*** PROVIDED RECORDS Section Begins ***
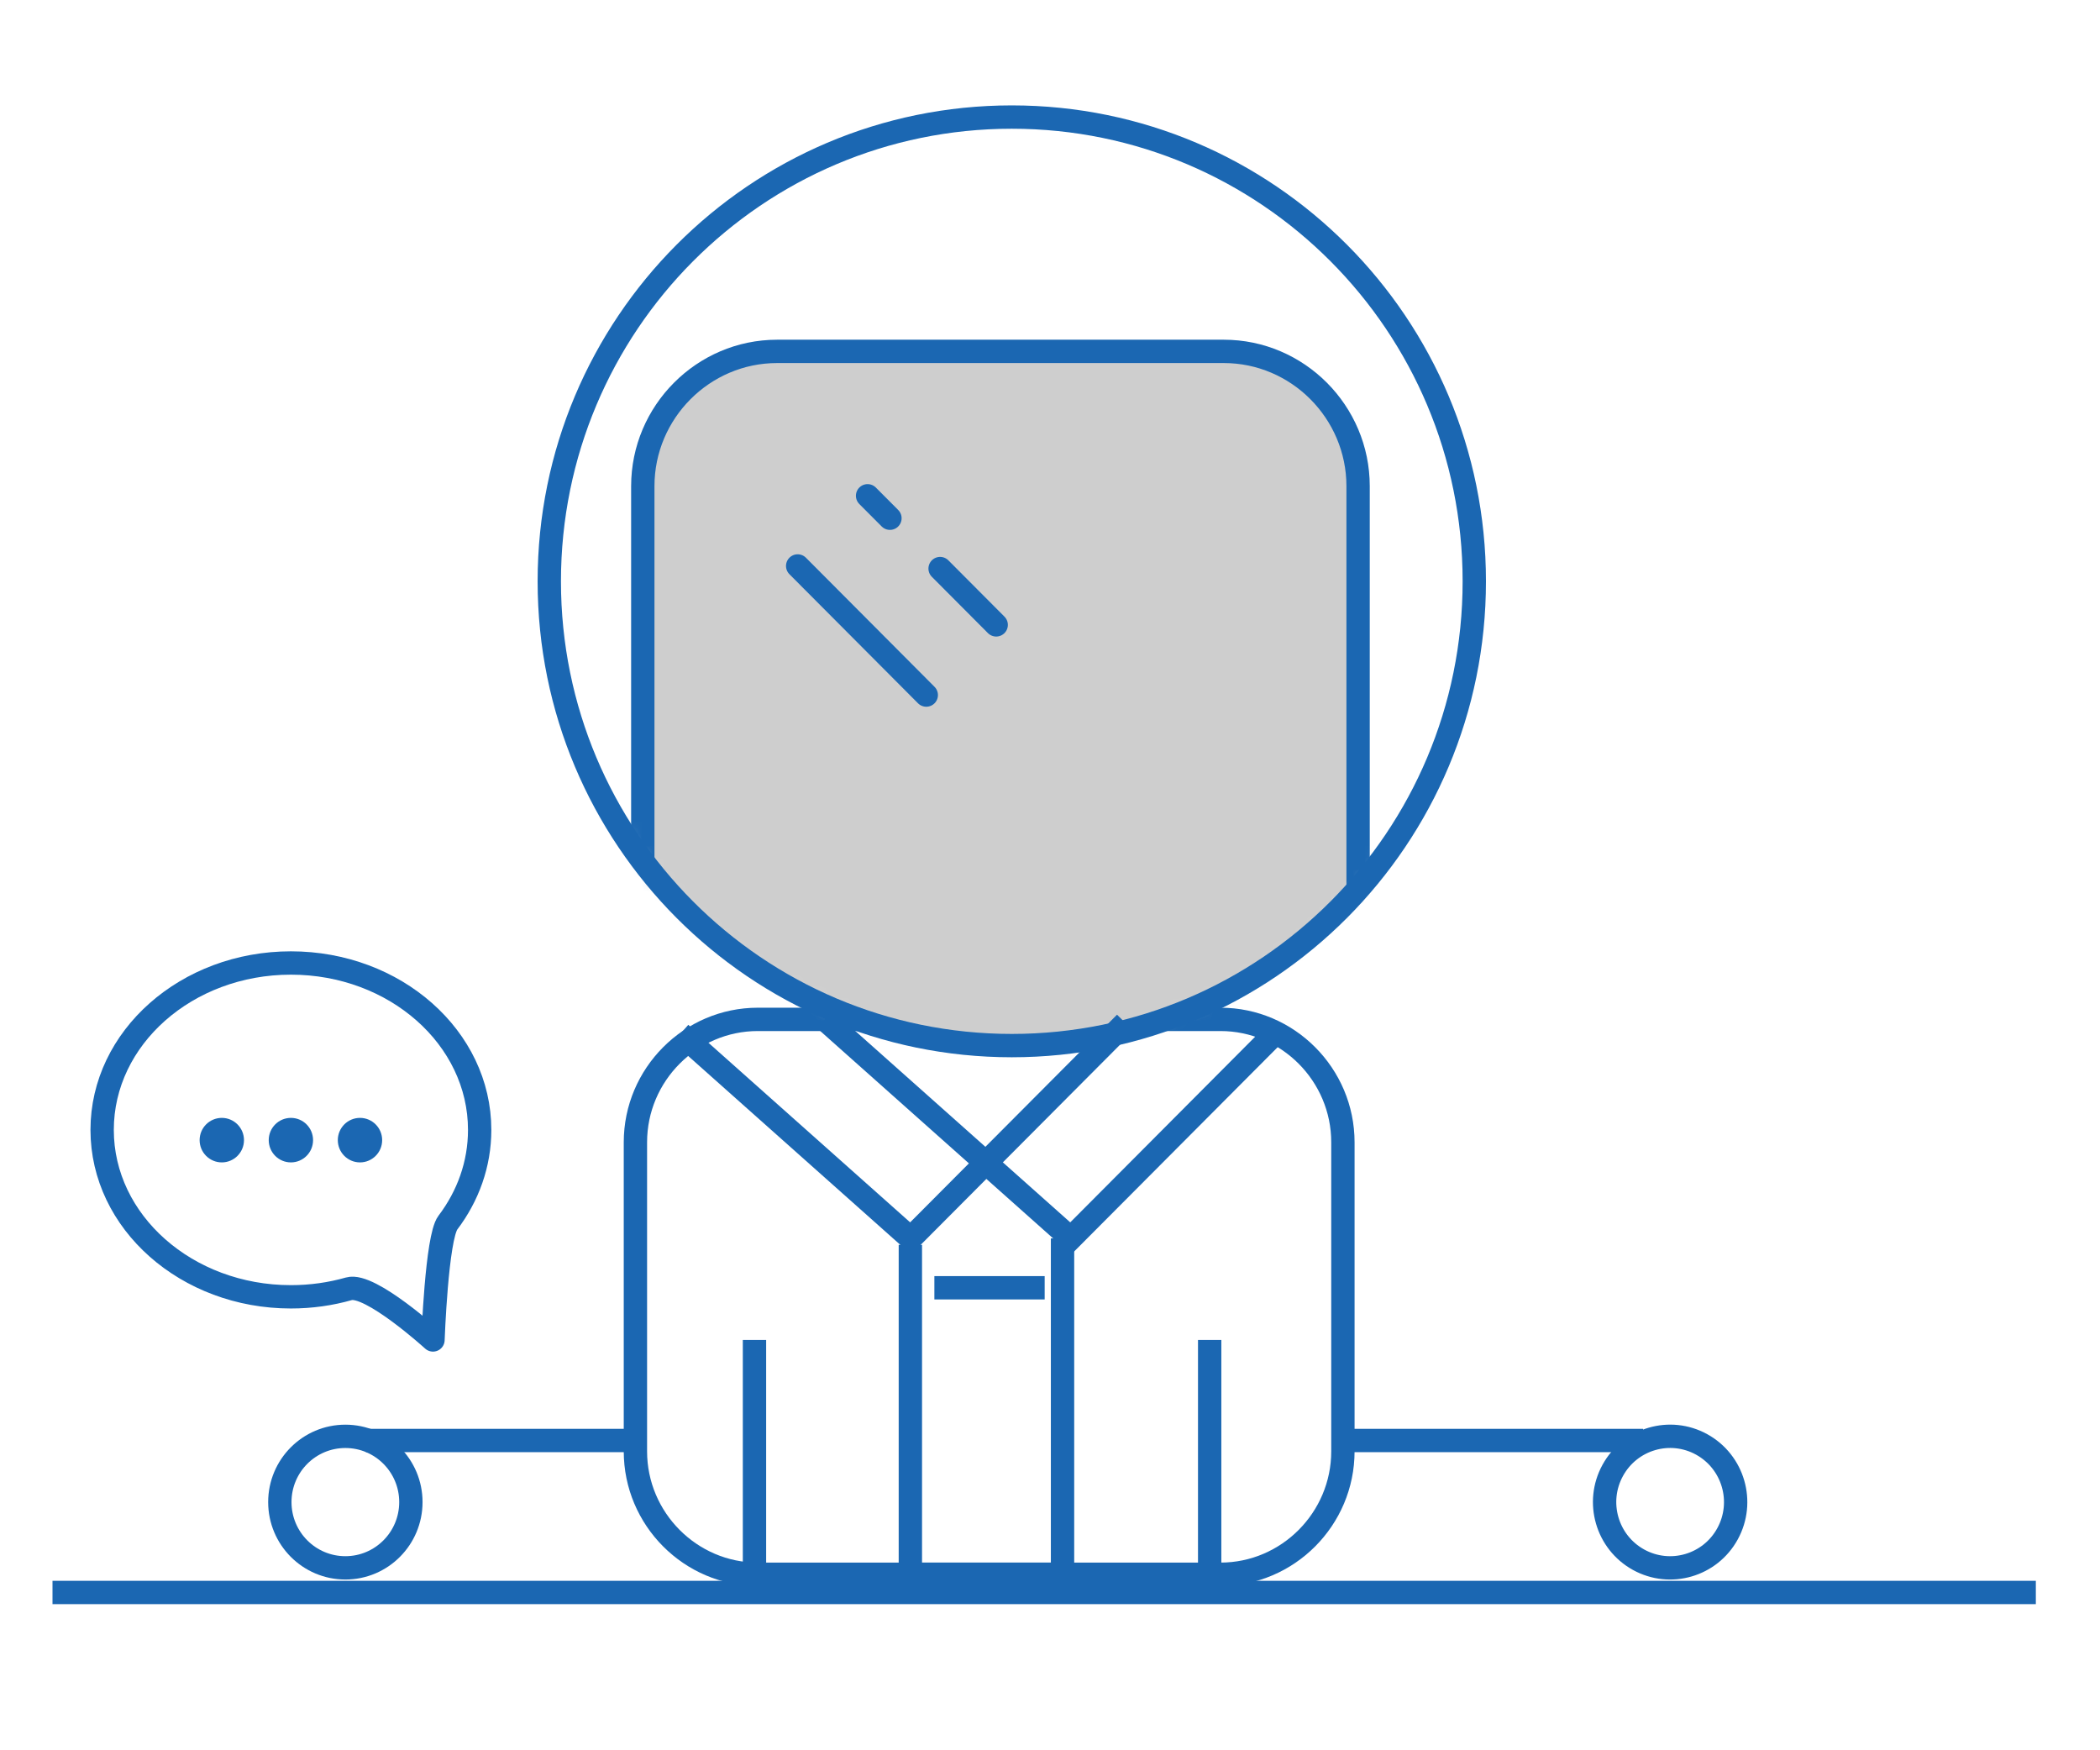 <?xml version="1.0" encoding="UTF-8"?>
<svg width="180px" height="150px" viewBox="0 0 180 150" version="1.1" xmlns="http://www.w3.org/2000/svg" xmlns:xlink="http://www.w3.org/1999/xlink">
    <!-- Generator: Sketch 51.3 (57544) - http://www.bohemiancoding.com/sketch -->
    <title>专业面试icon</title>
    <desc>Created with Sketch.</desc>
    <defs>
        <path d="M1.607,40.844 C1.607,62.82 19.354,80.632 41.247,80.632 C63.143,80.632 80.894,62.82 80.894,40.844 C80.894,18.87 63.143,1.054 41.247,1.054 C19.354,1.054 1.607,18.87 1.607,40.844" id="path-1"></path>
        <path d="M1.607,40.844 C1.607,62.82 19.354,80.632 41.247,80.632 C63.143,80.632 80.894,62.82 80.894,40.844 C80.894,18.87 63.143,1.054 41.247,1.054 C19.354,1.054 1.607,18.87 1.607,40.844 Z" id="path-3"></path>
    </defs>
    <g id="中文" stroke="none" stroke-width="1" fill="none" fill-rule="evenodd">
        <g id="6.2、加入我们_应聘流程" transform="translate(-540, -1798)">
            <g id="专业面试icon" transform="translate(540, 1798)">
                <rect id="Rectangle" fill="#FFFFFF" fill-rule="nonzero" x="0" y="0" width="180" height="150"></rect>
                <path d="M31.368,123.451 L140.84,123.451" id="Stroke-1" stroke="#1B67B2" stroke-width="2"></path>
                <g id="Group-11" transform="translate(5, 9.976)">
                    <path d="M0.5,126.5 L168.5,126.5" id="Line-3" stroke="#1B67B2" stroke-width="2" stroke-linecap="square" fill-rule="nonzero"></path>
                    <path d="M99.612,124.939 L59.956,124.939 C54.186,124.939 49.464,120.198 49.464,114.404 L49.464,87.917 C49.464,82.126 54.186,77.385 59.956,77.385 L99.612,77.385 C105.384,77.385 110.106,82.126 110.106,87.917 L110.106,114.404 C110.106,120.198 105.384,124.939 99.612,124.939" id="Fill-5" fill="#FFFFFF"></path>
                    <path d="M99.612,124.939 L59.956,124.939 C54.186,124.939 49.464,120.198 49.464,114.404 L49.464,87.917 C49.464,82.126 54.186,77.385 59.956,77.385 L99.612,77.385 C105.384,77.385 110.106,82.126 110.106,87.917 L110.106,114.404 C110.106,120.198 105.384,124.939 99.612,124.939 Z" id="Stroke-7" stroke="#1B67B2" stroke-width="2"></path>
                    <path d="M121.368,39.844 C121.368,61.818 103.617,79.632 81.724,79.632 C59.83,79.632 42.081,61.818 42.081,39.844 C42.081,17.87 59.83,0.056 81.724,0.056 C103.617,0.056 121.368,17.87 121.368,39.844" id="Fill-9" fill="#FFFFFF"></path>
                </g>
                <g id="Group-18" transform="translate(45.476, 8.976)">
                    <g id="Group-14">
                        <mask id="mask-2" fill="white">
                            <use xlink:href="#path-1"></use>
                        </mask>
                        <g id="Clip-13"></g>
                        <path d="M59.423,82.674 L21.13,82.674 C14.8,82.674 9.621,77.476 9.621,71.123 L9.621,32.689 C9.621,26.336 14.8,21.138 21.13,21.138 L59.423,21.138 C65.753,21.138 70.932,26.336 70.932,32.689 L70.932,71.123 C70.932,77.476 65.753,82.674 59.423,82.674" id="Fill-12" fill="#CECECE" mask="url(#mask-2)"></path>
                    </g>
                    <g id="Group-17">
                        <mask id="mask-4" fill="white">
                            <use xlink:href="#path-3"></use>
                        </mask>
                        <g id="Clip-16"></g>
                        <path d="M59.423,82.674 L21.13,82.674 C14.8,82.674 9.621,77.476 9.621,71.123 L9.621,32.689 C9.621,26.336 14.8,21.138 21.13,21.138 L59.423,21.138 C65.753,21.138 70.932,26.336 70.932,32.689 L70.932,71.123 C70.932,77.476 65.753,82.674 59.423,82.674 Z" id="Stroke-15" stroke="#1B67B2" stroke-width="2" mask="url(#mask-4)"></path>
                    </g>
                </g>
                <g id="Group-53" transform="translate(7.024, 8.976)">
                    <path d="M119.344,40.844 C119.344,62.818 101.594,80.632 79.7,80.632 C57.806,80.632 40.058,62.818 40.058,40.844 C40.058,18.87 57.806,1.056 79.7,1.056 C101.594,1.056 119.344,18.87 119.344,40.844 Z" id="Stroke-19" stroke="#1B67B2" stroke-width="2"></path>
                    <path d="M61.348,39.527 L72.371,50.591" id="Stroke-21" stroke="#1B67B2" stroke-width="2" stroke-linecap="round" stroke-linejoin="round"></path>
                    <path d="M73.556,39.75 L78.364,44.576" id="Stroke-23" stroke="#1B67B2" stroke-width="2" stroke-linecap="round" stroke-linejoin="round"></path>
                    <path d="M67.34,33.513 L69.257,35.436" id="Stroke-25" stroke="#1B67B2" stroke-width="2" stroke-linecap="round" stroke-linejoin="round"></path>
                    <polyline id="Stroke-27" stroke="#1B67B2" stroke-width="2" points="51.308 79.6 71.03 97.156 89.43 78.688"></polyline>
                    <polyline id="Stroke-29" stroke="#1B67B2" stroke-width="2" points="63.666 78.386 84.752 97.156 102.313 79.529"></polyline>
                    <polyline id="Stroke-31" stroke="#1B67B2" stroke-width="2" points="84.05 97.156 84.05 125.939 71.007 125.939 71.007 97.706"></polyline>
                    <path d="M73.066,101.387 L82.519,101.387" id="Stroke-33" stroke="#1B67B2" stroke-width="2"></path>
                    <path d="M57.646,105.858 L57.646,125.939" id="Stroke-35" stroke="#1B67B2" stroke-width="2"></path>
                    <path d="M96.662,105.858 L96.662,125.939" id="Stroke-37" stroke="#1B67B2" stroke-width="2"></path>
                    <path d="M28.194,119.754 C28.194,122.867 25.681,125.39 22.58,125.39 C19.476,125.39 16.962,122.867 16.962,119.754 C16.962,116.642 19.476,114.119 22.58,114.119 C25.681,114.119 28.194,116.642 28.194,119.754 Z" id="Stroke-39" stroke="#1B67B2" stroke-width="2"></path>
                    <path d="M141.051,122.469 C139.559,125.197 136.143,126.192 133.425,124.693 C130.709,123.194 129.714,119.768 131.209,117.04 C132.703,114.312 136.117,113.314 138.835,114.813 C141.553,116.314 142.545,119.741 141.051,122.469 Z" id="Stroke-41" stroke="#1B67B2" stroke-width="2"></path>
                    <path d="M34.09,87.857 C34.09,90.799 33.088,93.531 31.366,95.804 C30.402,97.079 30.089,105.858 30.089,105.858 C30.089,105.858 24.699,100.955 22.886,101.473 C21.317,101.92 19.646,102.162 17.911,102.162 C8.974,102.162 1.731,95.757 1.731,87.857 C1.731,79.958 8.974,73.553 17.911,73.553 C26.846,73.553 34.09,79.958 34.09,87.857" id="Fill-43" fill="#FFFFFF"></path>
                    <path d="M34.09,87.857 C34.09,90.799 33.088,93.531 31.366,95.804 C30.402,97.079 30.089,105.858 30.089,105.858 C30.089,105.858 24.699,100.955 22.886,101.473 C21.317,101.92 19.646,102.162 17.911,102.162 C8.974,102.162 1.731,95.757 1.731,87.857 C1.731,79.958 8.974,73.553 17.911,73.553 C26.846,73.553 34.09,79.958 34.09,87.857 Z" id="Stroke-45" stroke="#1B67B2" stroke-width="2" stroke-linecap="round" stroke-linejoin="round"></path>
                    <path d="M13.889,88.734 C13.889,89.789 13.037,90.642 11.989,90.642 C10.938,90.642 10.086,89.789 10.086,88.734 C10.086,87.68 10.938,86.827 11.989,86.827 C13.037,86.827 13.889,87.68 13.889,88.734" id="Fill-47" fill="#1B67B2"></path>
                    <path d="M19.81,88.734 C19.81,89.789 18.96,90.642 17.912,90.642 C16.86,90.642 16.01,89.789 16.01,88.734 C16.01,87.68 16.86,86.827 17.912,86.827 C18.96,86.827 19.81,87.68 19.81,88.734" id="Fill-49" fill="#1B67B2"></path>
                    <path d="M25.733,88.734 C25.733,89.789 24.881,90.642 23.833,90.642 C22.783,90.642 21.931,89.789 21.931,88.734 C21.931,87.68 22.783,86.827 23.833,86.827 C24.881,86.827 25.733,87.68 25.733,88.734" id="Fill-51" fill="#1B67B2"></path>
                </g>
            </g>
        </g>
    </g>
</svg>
*** PROVIDED RECORDS Section Ends ***
In the records shown above, how many lines include the word "xlink"? Answer with the number only.

3